I ended up creating a helper function:
def paged(client, name, *args):
    r = []
    service = client.service
    for page in range(1, getattr(service, name+'PageCount')(*args)+1):
        r.extend(getattr(service, name)(*(args+(page, )))[0])
    return r
(If you're paying close attention, you might be wondering about the
[0] in the code above. For some reason, each "page" of data was
returned by suds as a sequence object with one item containing a
list of the actual data. I don't know if this is a quirk of the API or
of suds.)

This allowed me, for example, to get all locales with:
locales = paged(client, 'GetLocales')
to deal with the paged data.

As is to be expected, the database is challenging. Data are not
uniformly available. Some data are available down to the county
level, but other data isn't. For example, hospital readmission rates
are available at the level of "Health Referral Region", which is
typically (always?) much larger than a county. Different localities
have different amounts of data. Prince William County has on the
order of 300 health indicators available, while DC has around 10,000.

Speaking of "indicators", as with any domain, this one has confusing
jargon. There were "indicator descriptions", like "Acute Hospital
Readmission Rate" and "indicators", like "the value in Arlington is
17%". As it was explained to me, the indicator descriptions are the
questions and the indicators are the answers. The answers are
qualified and adjusted in various ways, probably based on whatever
studies they came out of. I suspect that there will be lots of naive
and misleading uses of this data. I hope these automated
applications get some careful review by domain experts.

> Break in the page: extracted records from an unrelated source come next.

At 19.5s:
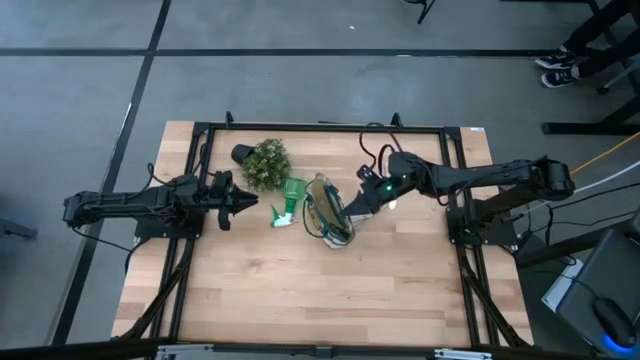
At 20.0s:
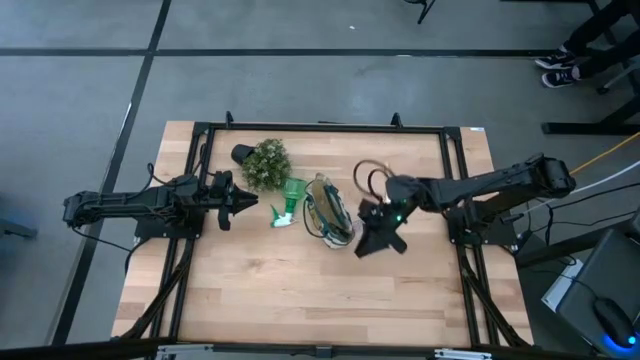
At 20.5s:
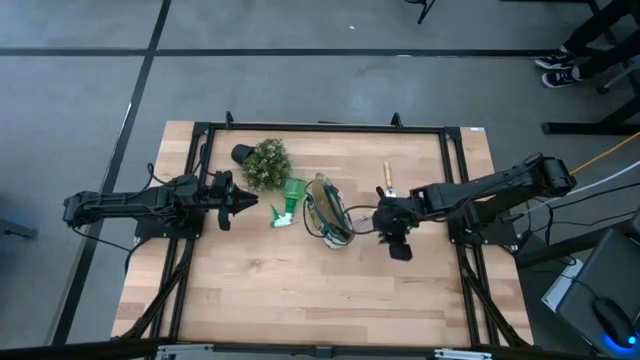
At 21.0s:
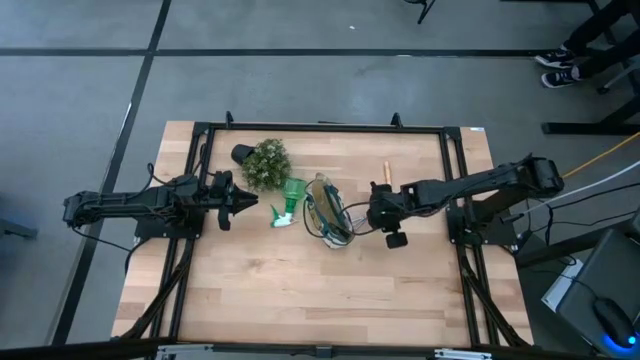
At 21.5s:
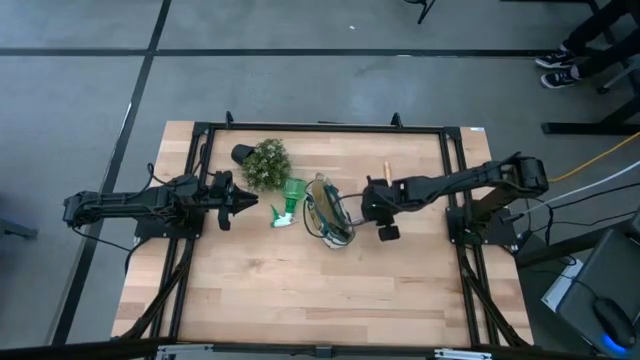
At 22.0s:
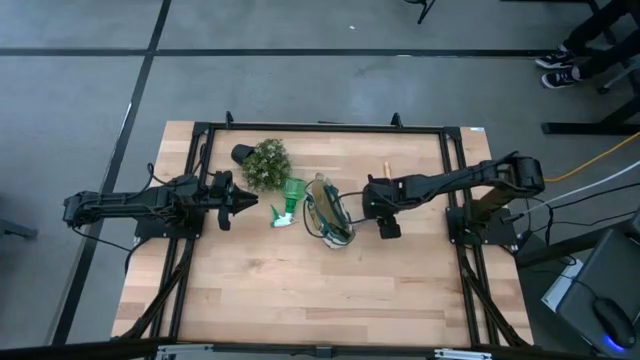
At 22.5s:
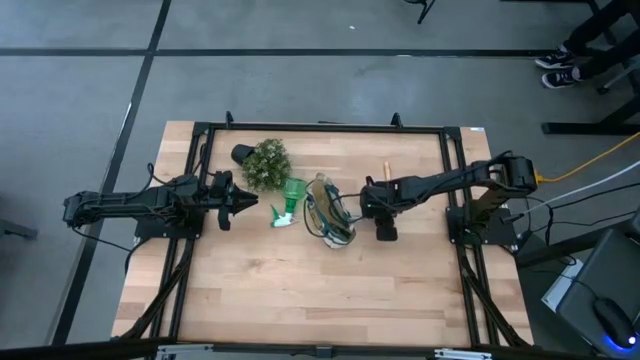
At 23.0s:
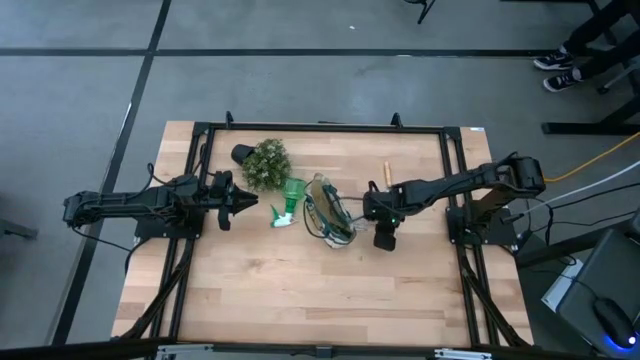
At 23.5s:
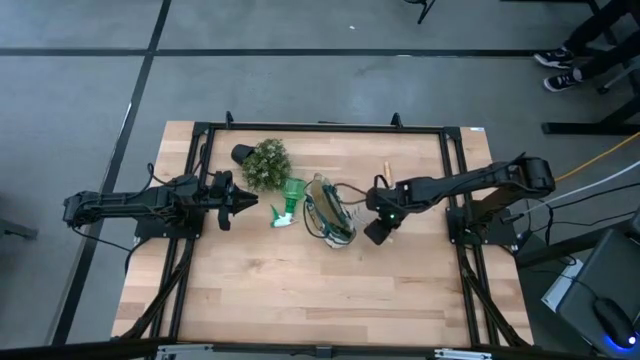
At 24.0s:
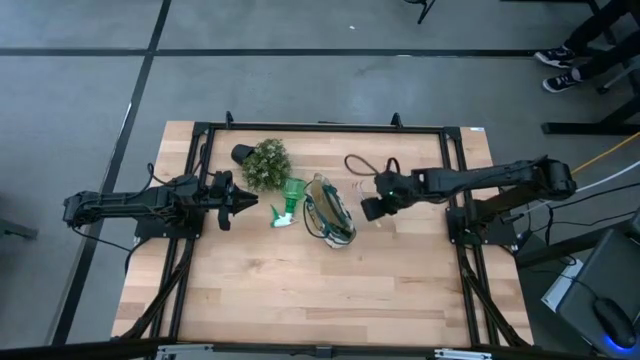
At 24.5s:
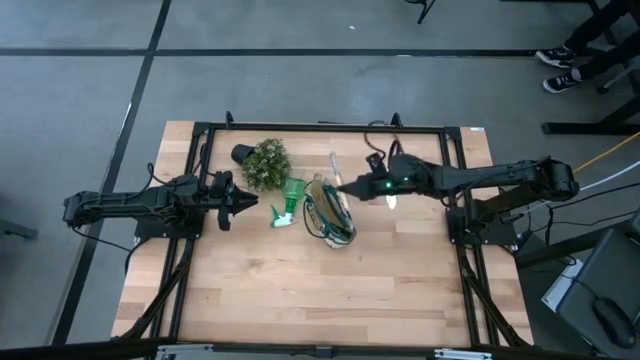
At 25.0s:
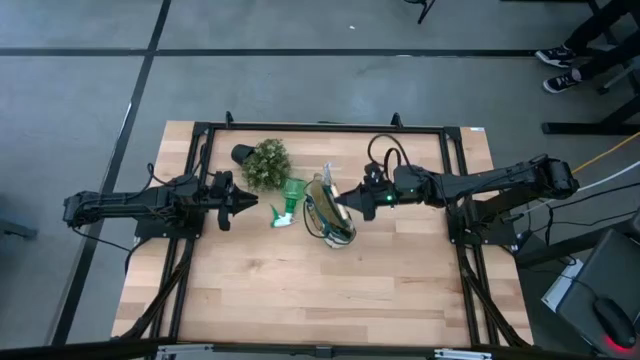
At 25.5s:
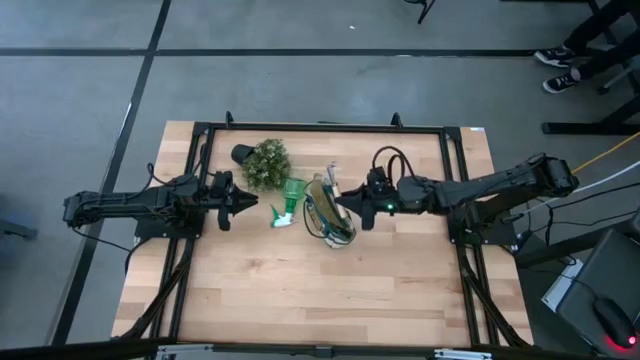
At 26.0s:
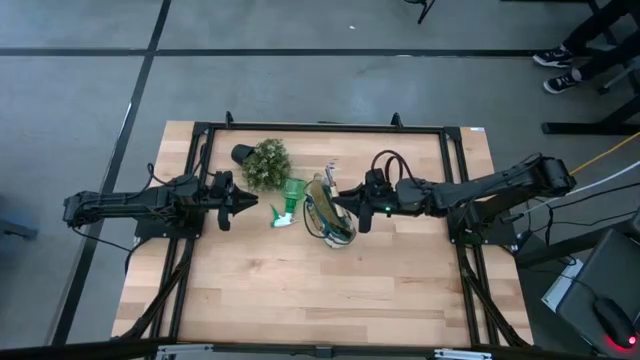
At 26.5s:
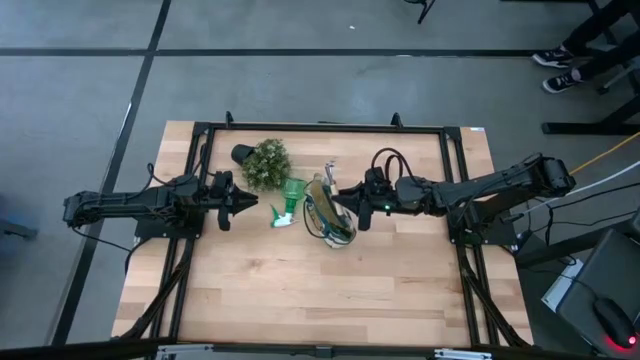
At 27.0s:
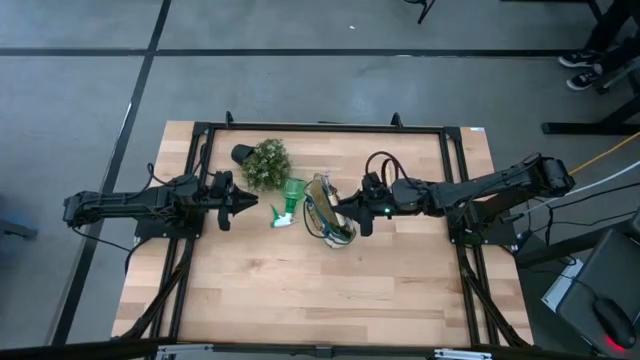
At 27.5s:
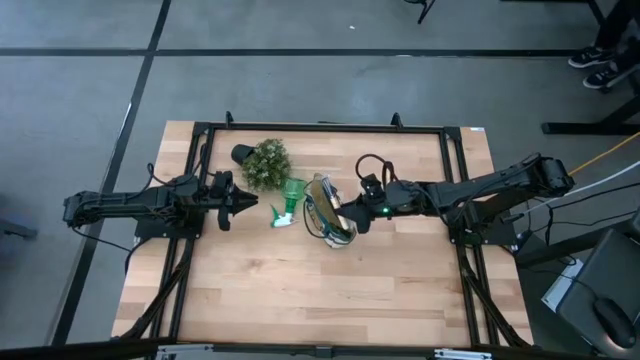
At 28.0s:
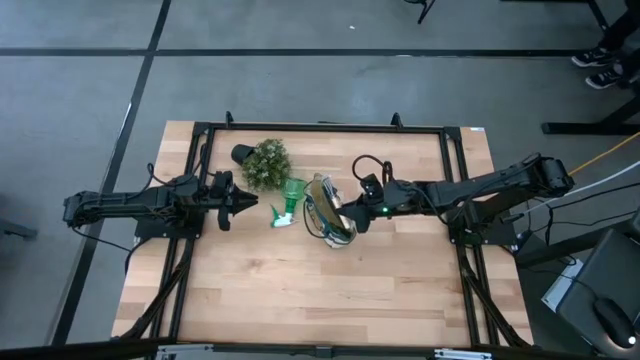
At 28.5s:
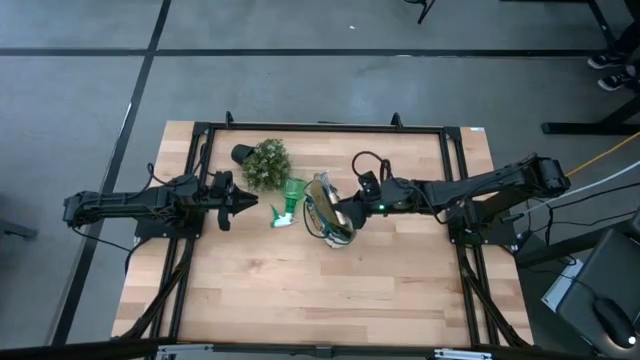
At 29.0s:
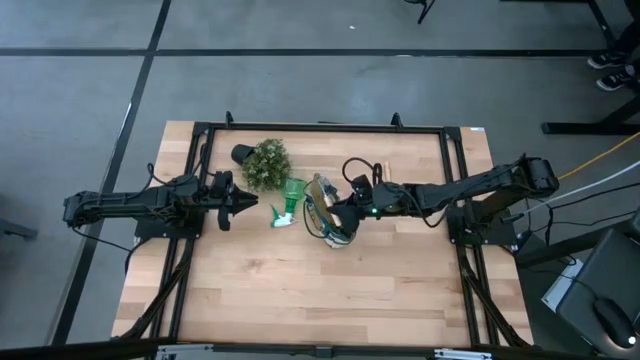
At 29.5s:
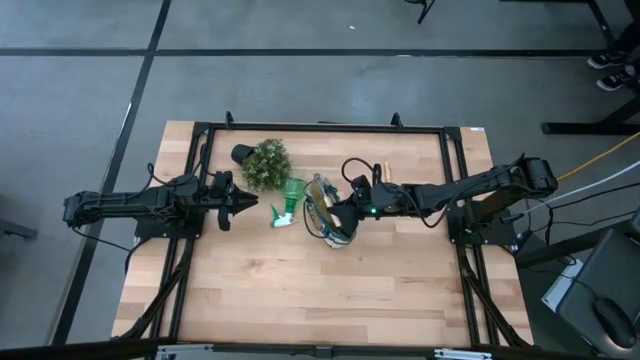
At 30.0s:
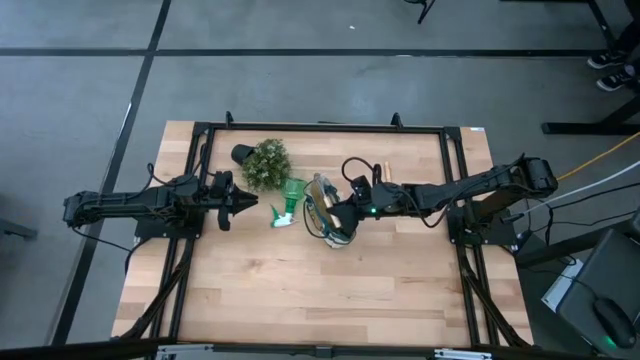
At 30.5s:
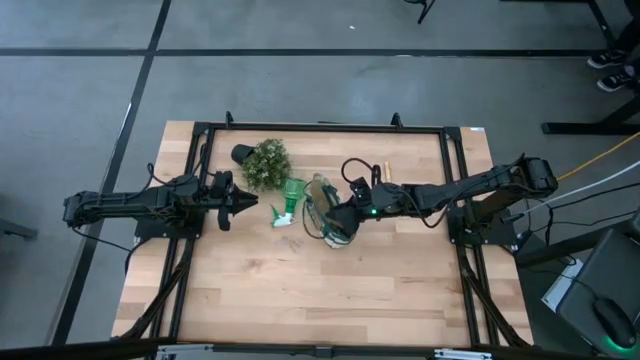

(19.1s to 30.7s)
Task: Pick & Place Garden tools in Gardening bag
Put the light brown hand rake into the light brown gardening bag

Using the database affectively requires either familiarity
with the data, or the ability to quickly browse. The SOAP interface
to the database is pretty slow and doesn't provide very targeted
queries. For example, there's no way to request one type of indicator
for a locale. You can pick an indicator, and get data for all locales,
or pick a locale and get all indicators for it. Getting all of the
indicators for DC took several minutes. They're working on their
search capabilities, so I'm sure this will improve over time.

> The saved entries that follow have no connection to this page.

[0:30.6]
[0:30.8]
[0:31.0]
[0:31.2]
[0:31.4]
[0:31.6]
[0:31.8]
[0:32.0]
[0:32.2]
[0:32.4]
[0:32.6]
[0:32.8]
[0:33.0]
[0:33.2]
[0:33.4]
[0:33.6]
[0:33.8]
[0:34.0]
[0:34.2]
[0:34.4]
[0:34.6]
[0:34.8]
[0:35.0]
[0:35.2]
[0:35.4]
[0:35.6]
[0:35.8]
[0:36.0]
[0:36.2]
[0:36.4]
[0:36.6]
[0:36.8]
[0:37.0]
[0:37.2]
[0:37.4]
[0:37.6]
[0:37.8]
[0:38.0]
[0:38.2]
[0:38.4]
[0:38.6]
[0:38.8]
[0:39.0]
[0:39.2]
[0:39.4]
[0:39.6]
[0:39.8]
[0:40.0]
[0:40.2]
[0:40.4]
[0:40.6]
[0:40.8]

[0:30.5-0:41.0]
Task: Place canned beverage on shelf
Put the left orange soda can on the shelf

These sorts of databases will be used for a variety of
applications and run-time use of the databases will likely prove to be
impractical. Taking snapshots is unattractive, as data will
be out of data. Probably, a download model with update
subscriptions would be a better way to go. In other words,
applications might be well served by downloading a database and either
polling for updates or getting updates sent to them.

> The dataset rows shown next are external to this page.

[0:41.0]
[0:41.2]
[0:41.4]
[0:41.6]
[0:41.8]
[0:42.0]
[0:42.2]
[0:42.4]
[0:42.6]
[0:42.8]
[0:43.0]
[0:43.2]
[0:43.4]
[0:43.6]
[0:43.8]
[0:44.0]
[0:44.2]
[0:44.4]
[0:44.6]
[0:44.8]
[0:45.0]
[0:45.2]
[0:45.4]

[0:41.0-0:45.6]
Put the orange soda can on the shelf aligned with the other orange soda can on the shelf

We decided to bail on our prototype because we didn't feel the data
was local enough. This was a mistake! We should have finished the
prototype. The actual data didn't matter. The presentation of the
prototype would have been a good time to discuss the issues. Dang.

I wandered over to another team that was working with the same
database. They were working on a system for looking at local policy
decisions based on county government databases and connecting these to
outcomes via the health indicators database. I think this is a cool
idea and they were led by a domain expert who had a pretty definite
idea of what he was trying to accomplish. I'm pretty sure that this
will lead to success.

I was hoping to provide some help because I has gained some
familiarity with the database. Unfortunately, they were bogged down
accessing the database using some Java-based SOAP
interface. Gaaaa. Their Java programmer was obviously good, but he was
still using Java. Most of the developers were just sitting around
waiting for the Java programmer. I tried to explain some of the issues
with the data, but the Java programmer was just too busy hacking
Java. I ended up learning the Google chart API so I could help them
eventually display the data.

I eventually got bored and left early. I wish, in hindsight, I'd
finished the prototype I was working on. Hopefully, this blog will be
useful and make up for this a little bit. :)

I wouldn't mind doing this again, especially if I could hook up with a
team ahead of time. I'd even be willing to finish that prototype if
there was interest. I can't spend too much time on this though, as I
have to many other interesting projects.